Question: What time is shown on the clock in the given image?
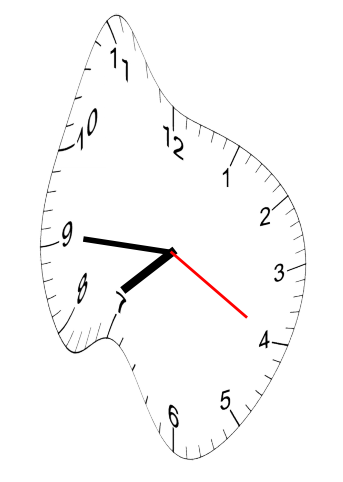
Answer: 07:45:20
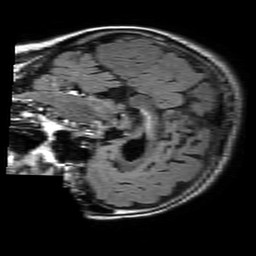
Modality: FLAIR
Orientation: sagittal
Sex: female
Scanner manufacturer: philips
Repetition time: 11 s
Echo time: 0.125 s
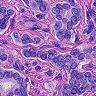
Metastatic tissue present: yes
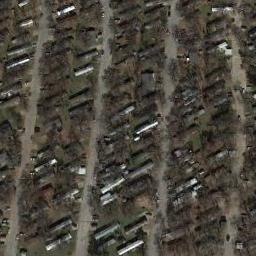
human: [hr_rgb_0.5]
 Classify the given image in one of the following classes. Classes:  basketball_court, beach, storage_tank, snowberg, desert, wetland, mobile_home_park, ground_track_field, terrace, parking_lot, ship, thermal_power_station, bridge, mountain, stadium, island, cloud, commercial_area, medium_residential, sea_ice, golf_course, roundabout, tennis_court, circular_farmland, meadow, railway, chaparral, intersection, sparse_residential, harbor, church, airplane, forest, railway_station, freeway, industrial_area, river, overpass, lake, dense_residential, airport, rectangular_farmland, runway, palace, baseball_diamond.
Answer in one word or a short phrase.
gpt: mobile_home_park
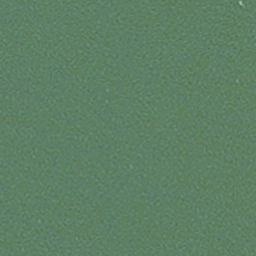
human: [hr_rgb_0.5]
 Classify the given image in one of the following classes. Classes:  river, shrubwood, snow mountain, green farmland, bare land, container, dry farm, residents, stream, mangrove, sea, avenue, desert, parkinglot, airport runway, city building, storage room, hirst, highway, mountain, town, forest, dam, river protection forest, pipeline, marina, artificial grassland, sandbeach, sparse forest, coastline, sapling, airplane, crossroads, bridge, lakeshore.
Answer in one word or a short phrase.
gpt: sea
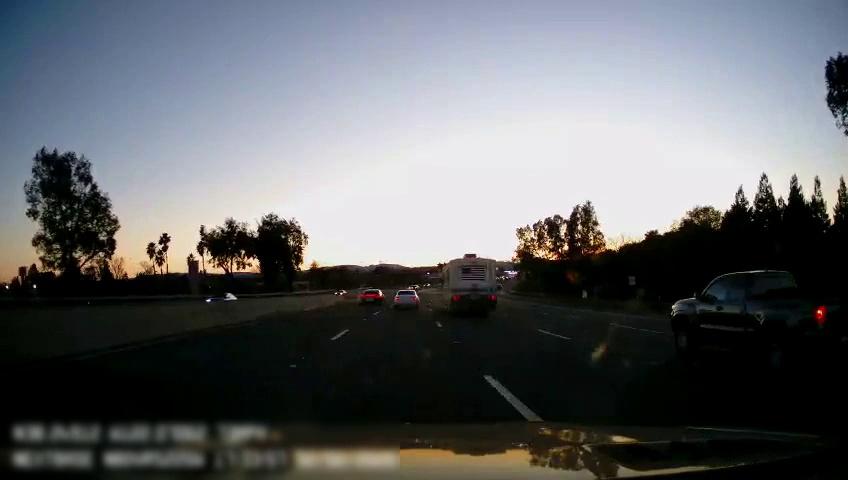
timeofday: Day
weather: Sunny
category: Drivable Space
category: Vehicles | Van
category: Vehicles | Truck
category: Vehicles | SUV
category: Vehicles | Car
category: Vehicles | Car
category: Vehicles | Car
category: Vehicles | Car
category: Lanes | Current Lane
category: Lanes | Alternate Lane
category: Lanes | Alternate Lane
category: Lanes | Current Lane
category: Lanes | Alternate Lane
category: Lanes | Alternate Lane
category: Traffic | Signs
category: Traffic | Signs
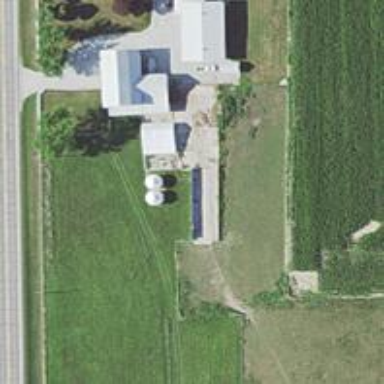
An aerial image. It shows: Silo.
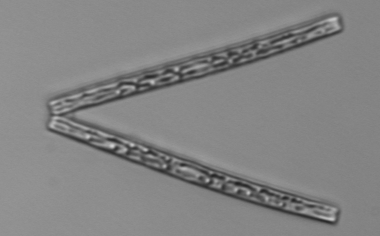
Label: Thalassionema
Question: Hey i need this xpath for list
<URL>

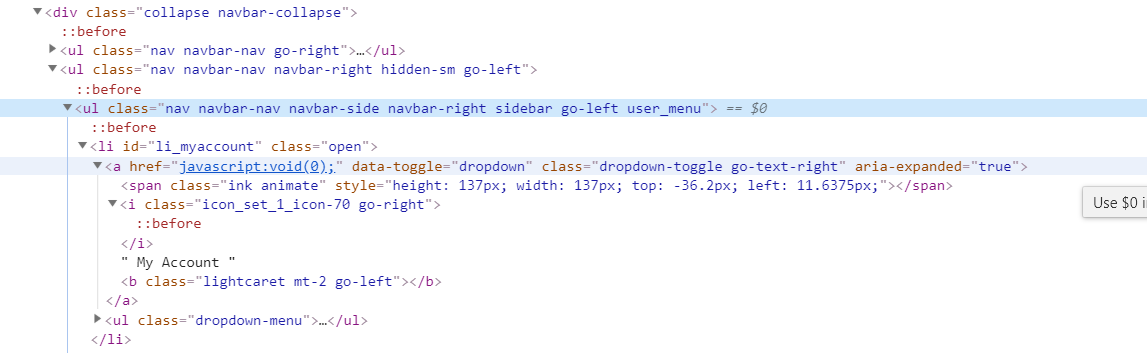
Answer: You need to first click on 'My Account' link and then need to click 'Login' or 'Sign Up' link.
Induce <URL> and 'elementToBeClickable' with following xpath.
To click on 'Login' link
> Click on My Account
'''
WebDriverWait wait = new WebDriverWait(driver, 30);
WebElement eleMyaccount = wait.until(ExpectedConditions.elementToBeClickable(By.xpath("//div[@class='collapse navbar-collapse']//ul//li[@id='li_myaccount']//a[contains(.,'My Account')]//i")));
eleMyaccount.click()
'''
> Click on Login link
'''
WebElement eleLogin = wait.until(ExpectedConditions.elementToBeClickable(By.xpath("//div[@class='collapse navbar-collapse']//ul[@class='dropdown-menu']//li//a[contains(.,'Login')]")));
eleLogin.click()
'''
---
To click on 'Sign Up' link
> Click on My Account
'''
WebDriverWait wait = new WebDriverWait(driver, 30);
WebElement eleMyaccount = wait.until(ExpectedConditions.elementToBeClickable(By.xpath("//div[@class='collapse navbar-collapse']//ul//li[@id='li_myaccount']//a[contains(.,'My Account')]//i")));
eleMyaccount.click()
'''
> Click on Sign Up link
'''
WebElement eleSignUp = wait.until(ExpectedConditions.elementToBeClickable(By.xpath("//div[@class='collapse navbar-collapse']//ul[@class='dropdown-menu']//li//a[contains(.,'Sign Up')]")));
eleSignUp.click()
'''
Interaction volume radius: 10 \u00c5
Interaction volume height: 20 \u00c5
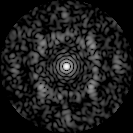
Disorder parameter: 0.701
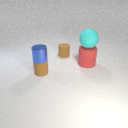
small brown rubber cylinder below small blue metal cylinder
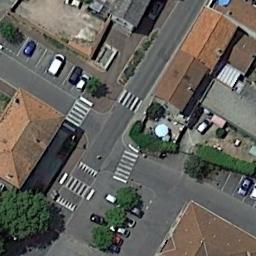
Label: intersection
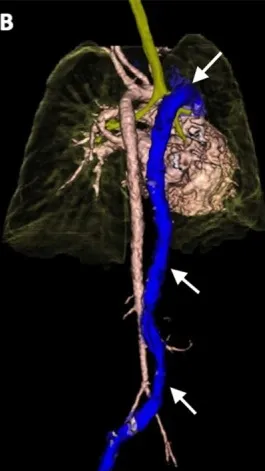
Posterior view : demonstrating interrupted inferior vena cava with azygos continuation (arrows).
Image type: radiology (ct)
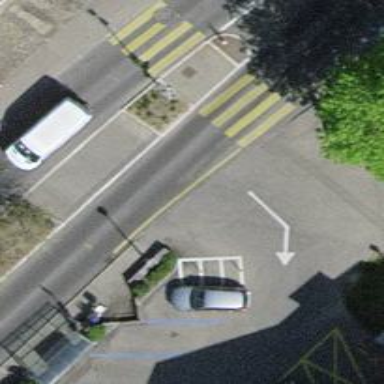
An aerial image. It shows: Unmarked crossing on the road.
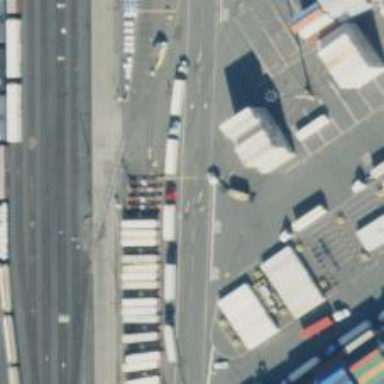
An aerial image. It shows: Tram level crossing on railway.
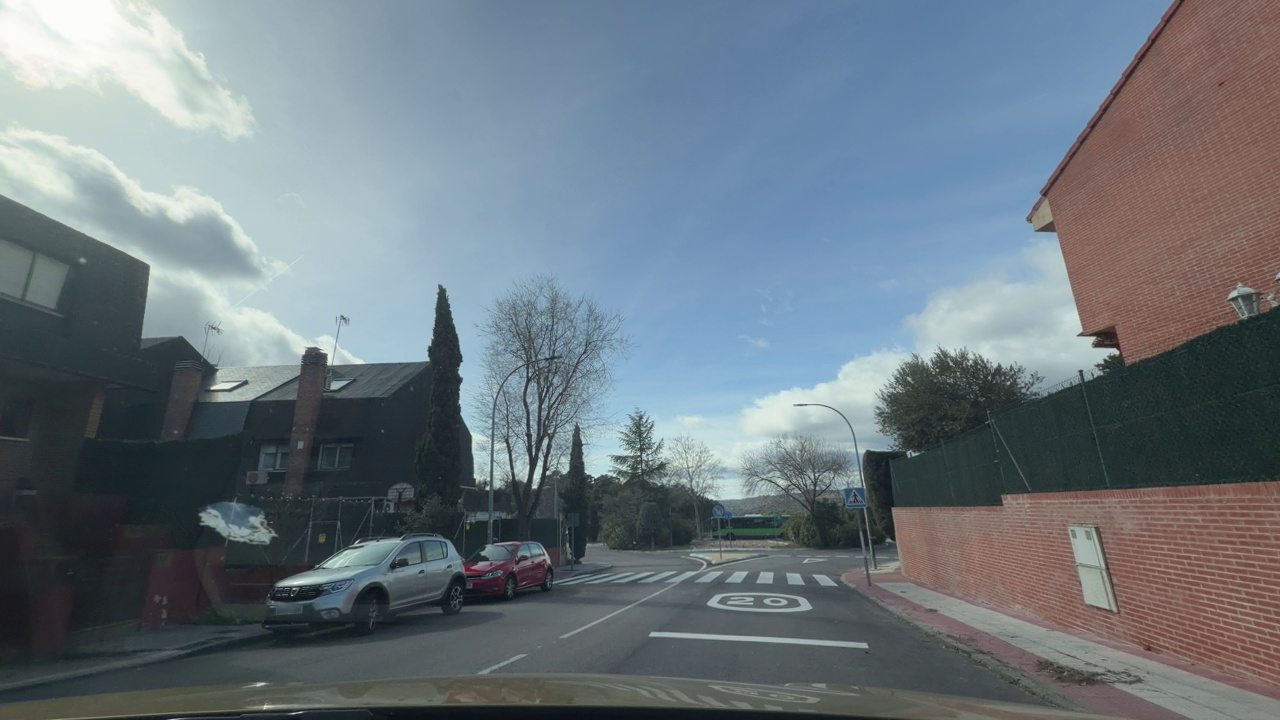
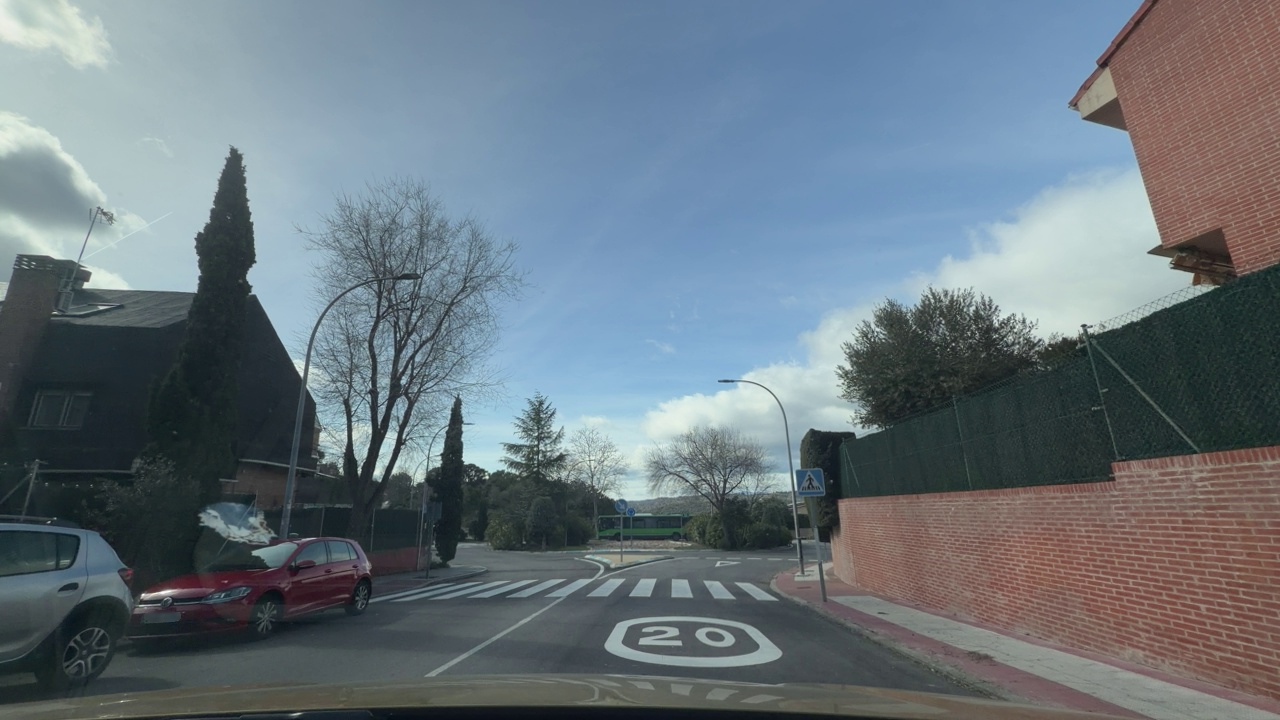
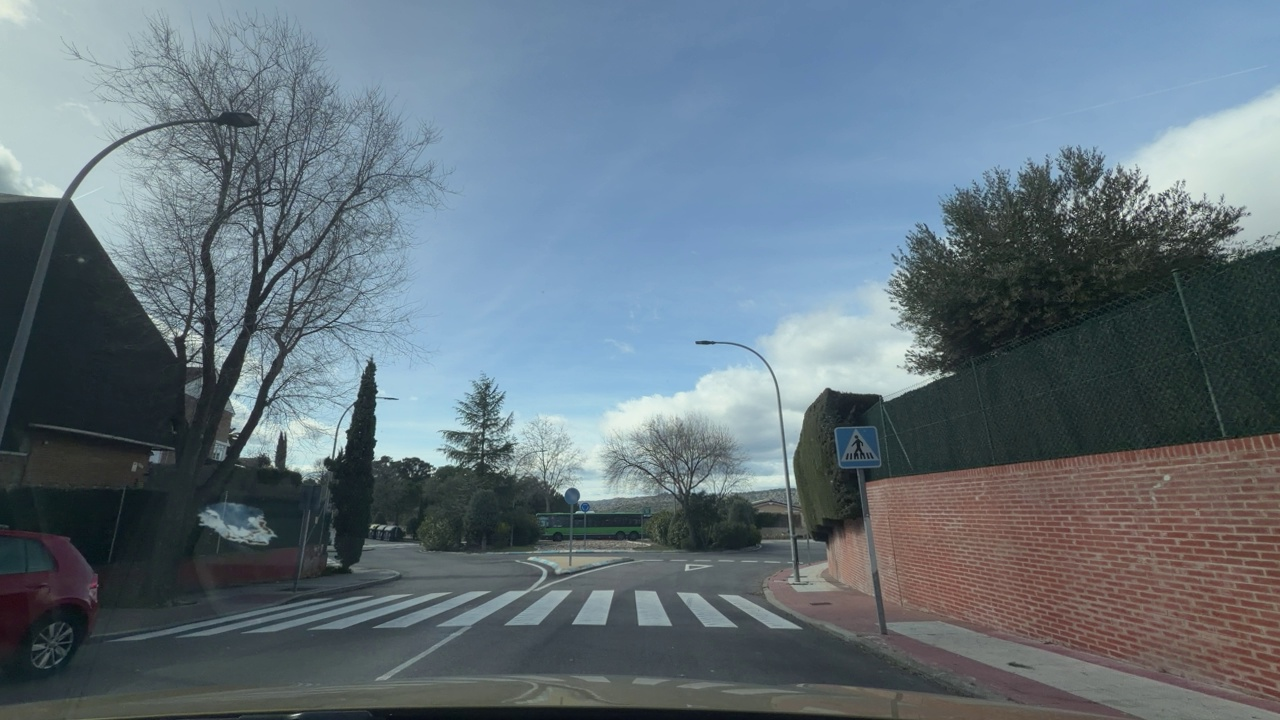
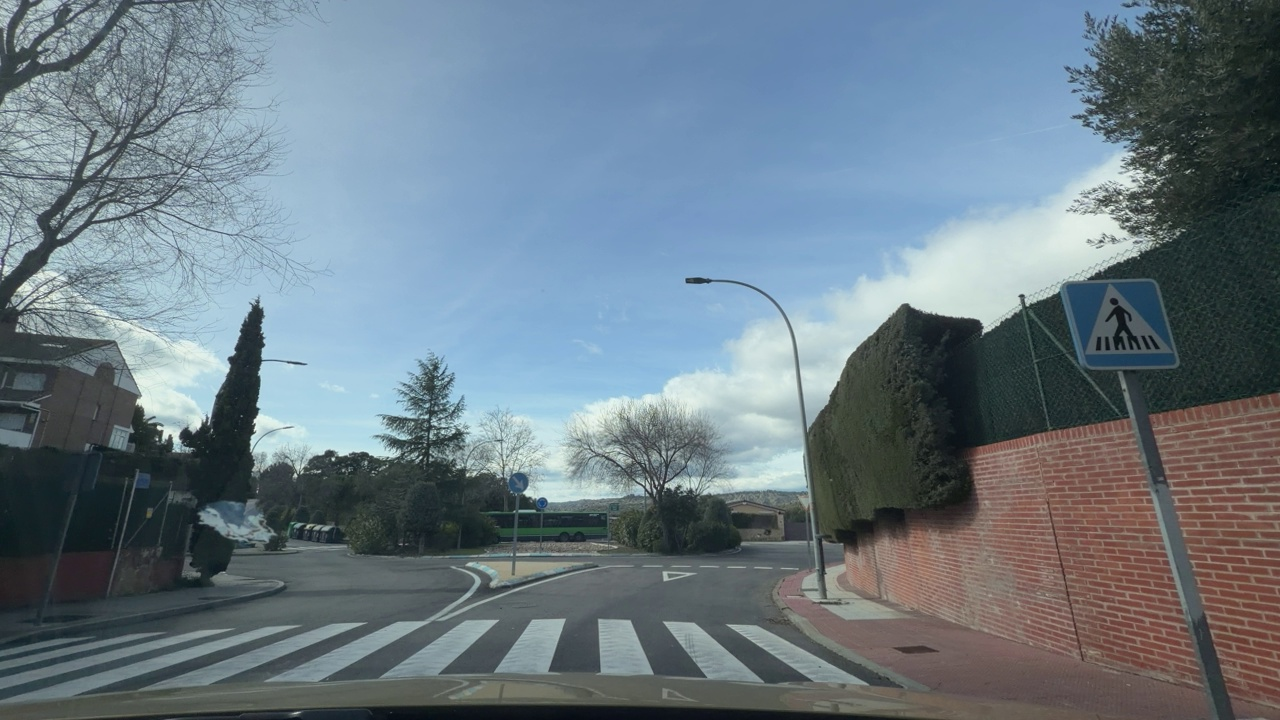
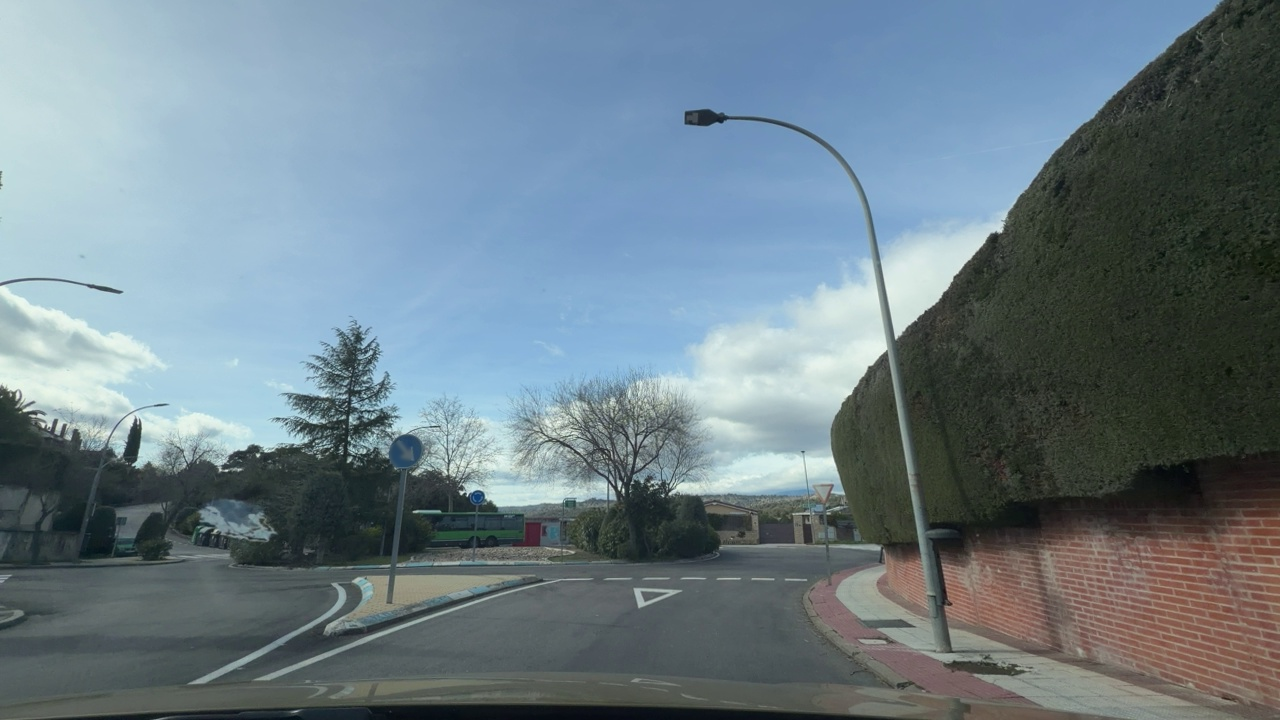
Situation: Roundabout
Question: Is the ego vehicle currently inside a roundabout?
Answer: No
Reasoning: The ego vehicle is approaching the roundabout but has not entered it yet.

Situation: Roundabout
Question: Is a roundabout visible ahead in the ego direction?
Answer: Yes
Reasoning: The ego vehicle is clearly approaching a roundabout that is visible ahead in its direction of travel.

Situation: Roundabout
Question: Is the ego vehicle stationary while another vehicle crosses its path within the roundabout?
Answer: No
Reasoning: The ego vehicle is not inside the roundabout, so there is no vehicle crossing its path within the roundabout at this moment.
⁂
Task description
Word-for-word output of the material above is needed, with the pictures left out.

Solved exercise
Question: What time is shown on the clock in the given image?
Answer: 07:45:20
Modality: FLAIR
Orientation: sagittal
Sex: female
Scanner manufacturer: philips
Repetition time: 11 s
Echo time: 0.125 s
Metastatic tissue present: yes
human: [hr_rgb_0.5]
 Classify the given image in one of the following classes. Classes:  basketball_court, beach, storage_tank, snowberg, desert, wetland, mobile_home_park, ground_track_field, terrace, parking_lot, ship, thermal_power_station, bridge, mountain, stadium, island, cloud, commercial_area, medium_residential, sea_ice, golf_course, roundabout, tennis_court, circular_farmland, meadow, railway, chaparral, intersection, sparse_residential, harbor, church, airplane, forest, railway_station, freeway, industrial_area, river, overpass, lake, dense_residential, airport, rectangular_farmland, runway, palace, baseball_diamond.
Answer in one word or a short phrase.
gpt: mobile_home_park
human: [hr_rgb_0.5]
 Classify the given image in one of the following classes. Classes:  river, shrubwood, snow mountain, green farmland, bare land, container, dry farm, residents, stream, mangrove, sea, avenue, desert, parkinglot, airport runway, city building, storage room, hirst, highway, mountain, town, forest, dam, river protection forest, pipeline, marina, artificial grassland, sandbeach, sparse forest, coastline, sapling, airplane, crossroads, bridge, lakeshore.
Answer in one word or a short phrase.
gpt: sea
timeofday: Day
weather: Sunny
category: Drivable Space
category: Vehicles | Van
category: Vehicles | Truck
category: Vehicles | SUV
category: Vehicles | Car
category: Vehicles | Car
category: Vehicles | Car
category: Vehicles | Car
category: Lanes | Current Lane
category: Lanes | Alternate Lane
category: Lanes | Alternate Lane
category: Lanes | Current Lane
category: Lanes | Alternate Lane
category: Lanes | Alternate Lane
category: Traffic | Signs
category: Traffic | Signs
An aerial image. It shows: Silo.
Label: Thalassionema
Question: Hey i need this xpath for list
<URL>

Answer: You need to first click on 'My Account' link and then need to click 'Login' or 'Sign Up' link.
Induce <URL> and 'elementToBeClickable' with following xpath.
To click on 'Login' link
> Click on My Account
'''
WebDriverWait wait = new WebDriverWait(driver, 30);
WebElement eleMyaccount = wait.until(ExpectedConditions.elementToBeClickable(By.xpath("//div[@class='collapse navbar-collapse']//ul//li[@id='li_myaccount']//a[contains(.,'My Account')]//i")));
eleMyaccount.click()
'''
> Click on Login link
'''
WebElement eleLogin = wait.until(ExpectedConditions.elementToBeClickable(By.xpath("//div[@class='collapse navbar-collapse']//ul[@class='dropdown-menu']//li//a[contains(.,'Login')]")));
eleLogin.click()
'''
---
To click on 'Sign Up' link
> Click on My Account
'''
WebDriverWait wait = new WebDriverWait(driver, 30);
WebElement eleMyaccount = wait.until(ExpectedConditions.elementToBeClickable(By.xpath("//div[@class='collapse navbar-collapse']//ul//li[@id='li_myaccount']//a[contains(.,'My Account')]//i")));
eleMyaccount.click()
'''
> Click on Sign Up link
'''
WebElement eleSignUp = wait.until(ExpectedConditions.elementToBeClickable(By.xpath("//div[@class='collapse navbar-collapse']//ul[@class='dropdown-menu']//li//a[contains(.,'Sign Up')]")));
eleSignUp.click()
'''
Interaction volume radius: 10 \u00c5
Interaction volume height: 20 \u00c5
Disorder parameter: 0.701
small brown rubber cylinder below small blue metal cylinder
Label: intersection
Posterior view : demonstrating interrupted inferior vena cava with azygos continuation (arrows).
Image type: radiology (ct)
An aerial image. It shows: Unmarked crossing on the road.
An aerial image. It shows: Tram level crossing on railway.
Situation: Roundabout
Question: Is the ego vehicle currently inside a roundabout?
Answer: No
Reasoning: The ego vehicle is approaching the roundabout but has not entered it yet.

Situation: Roundabout
Question: Is a roundabout visible ahead in the ego direction?
Answer: Yes
Reasoning: The ego vehicle is clearly approaching a roundabout that is visible ahead in its direction of travel.

Situation: Roundabout
Question: Is the ego vehicle stationary while another vehicle crosses its path within the roundabout?
Answer: No
Reasoning: The ego vehicle is not inside the roundabout, so there is no vehicle crossing its path within the roundabout at this moment.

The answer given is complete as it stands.